▸ **Assigned task**: For this exercise, write out each entry below exactly, omitting the images.
==== Exercise material ====
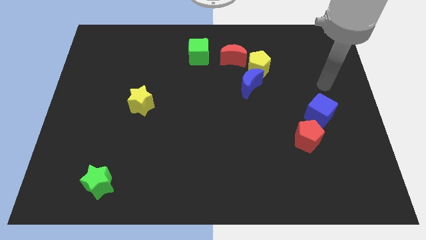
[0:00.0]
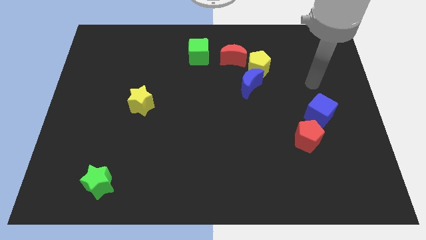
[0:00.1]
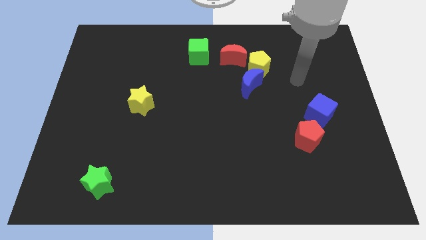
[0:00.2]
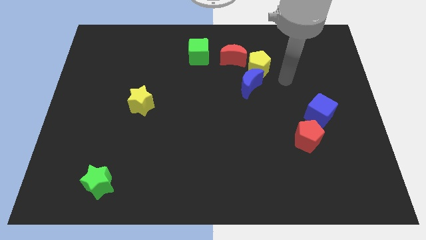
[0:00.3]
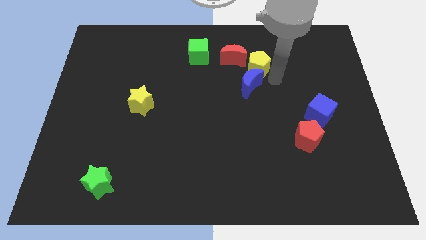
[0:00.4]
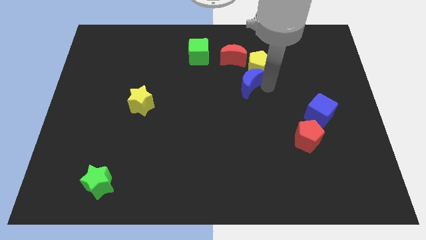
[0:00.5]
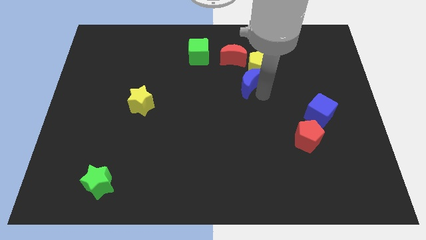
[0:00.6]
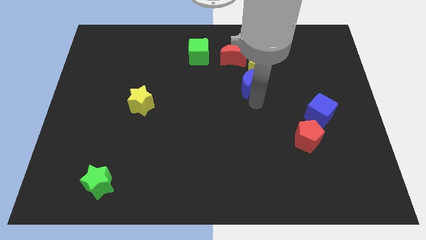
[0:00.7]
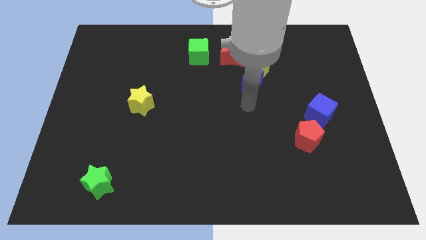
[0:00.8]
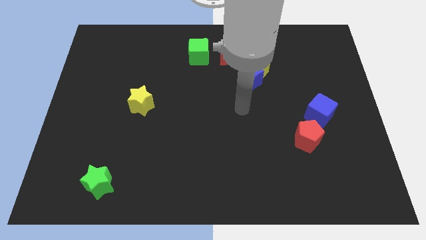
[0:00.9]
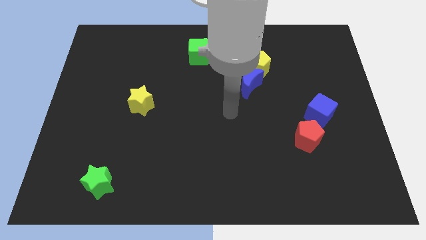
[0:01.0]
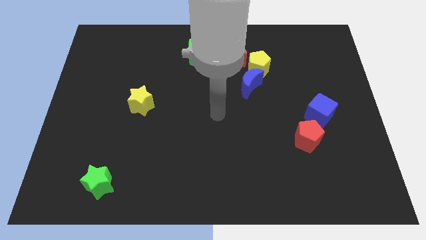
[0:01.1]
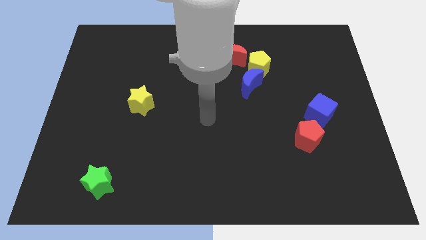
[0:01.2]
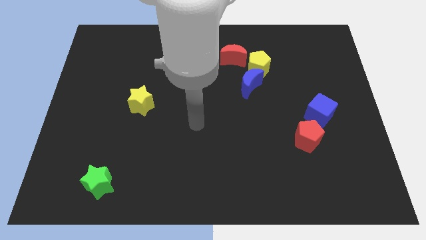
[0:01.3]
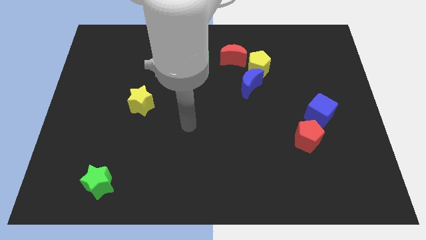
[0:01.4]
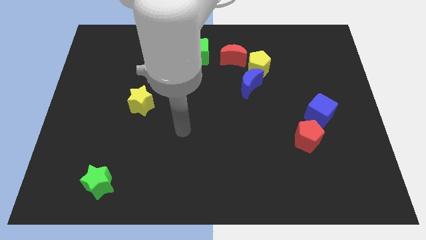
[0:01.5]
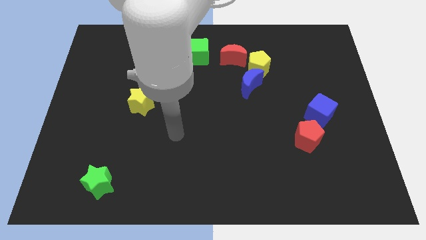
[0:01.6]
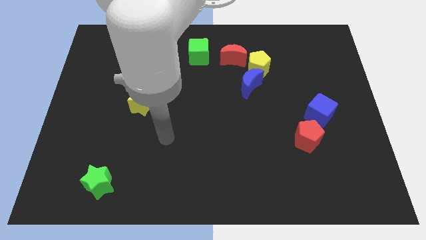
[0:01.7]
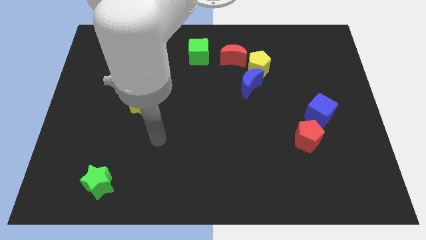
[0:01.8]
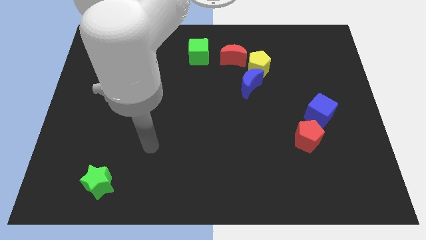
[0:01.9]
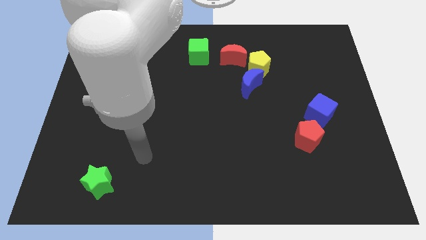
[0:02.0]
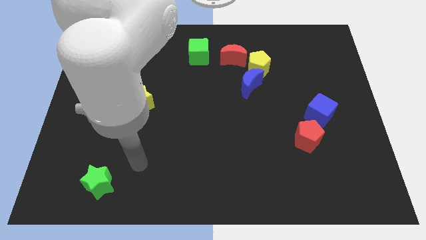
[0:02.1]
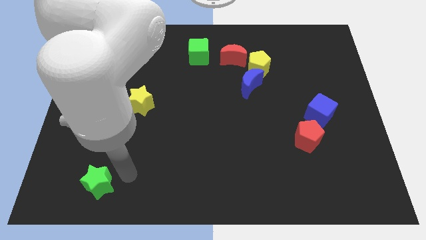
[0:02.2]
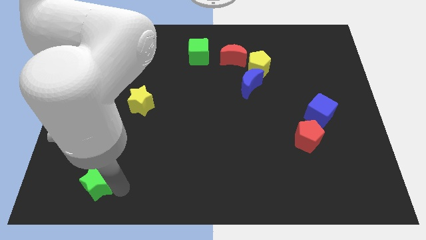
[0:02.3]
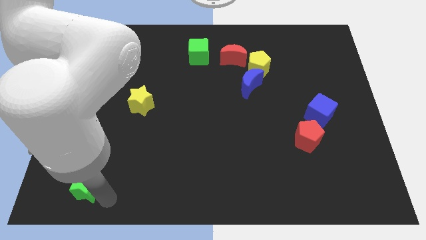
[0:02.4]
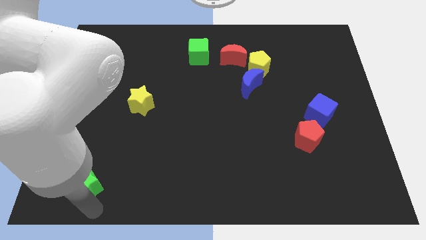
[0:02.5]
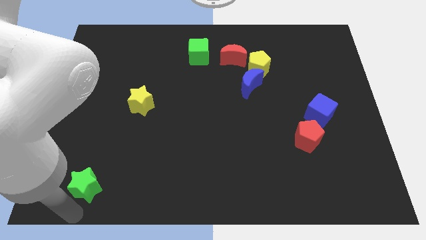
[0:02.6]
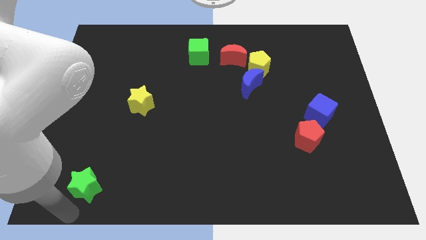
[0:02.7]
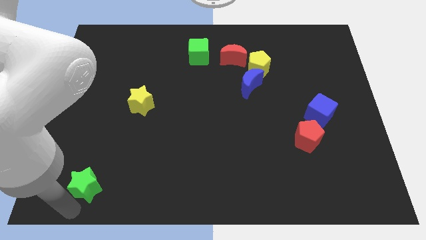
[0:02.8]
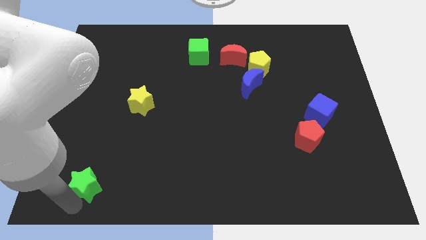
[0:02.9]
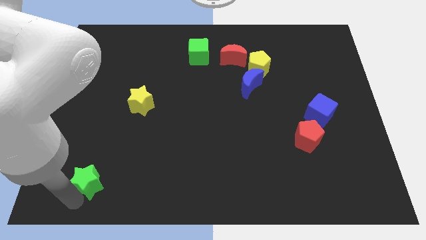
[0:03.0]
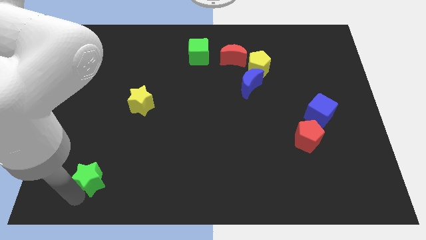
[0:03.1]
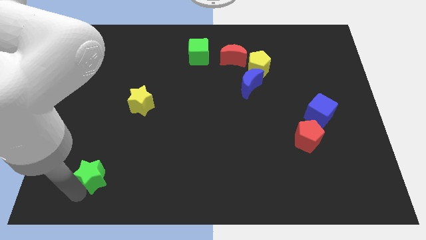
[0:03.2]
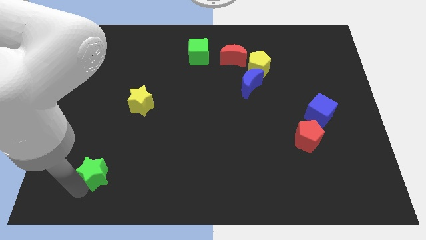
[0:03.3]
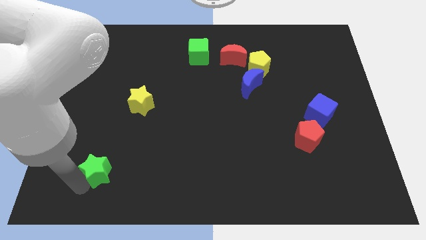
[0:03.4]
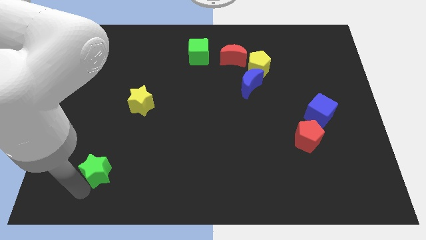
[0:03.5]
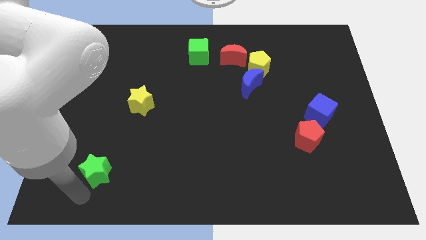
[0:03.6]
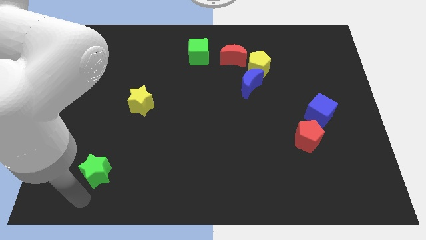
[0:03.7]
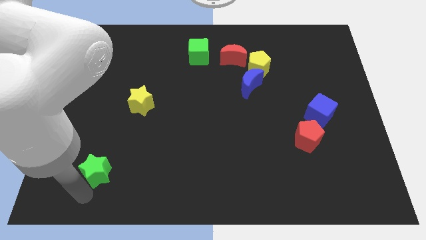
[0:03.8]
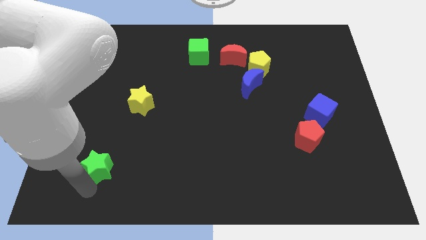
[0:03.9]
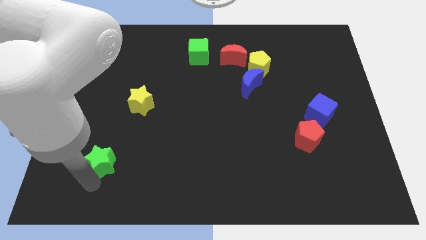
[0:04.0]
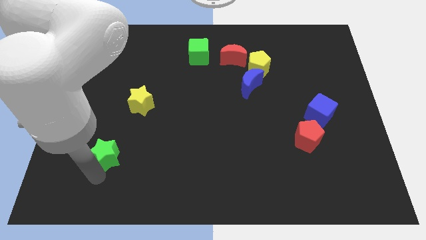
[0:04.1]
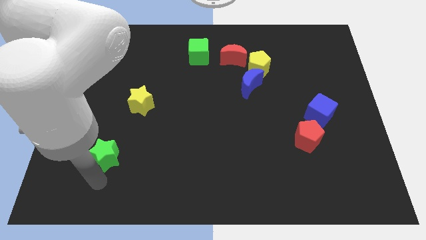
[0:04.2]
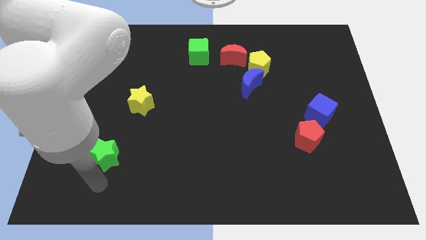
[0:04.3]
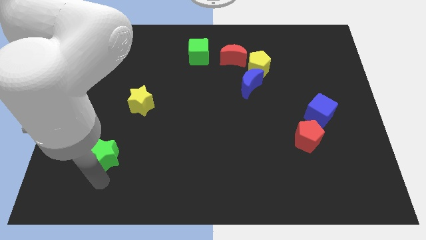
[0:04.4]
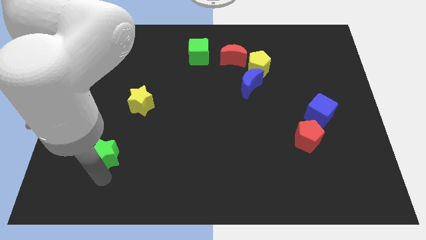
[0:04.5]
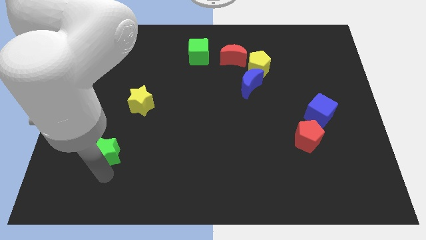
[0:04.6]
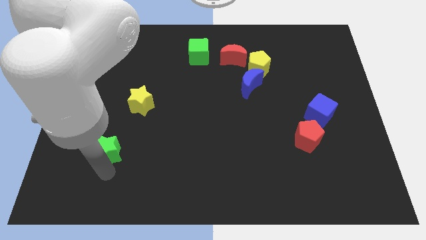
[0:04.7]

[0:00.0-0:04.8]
push the green star a little bit up
====
▸ **Written answer**:
[0:00.0]
[0:00.1]
[0:00.2]
[0:00.3]
[0:00.4]
[0:00.5]
[0:00.6]
[0:00.7]
[0:00.8]
[0:00.9]
[0:01.0]
[0:01.1]
[0:01.2]
[0:01.3]
[0:01.4]
[0:01.5]
[0:01.6]
[0:01.7]
[0:01.8]
[0:01.9]
[0:02.0]
[0:02.1]
[0:02.2]
[0:02.3]
[0:02.4]
[0:02.5]
[0:02.6]
[0:02.7]
[0:02.8]
[0:02.9]
[0:03.0]
[0:03.1]
[0:03.2]
[0:03.3]
[0:03.4]
[0:03.5]
[0:03.6]
[0:03.7]
[0:03.8]
[0:03.9]
[0:04.0]
[0:04.1]
[0:04.2]
[0:04.3]
[0:04.4]
[0:04.5]
[0:04.6]
[0:04.7]

[0:00.0-0:04.8]
push the green star a little bit up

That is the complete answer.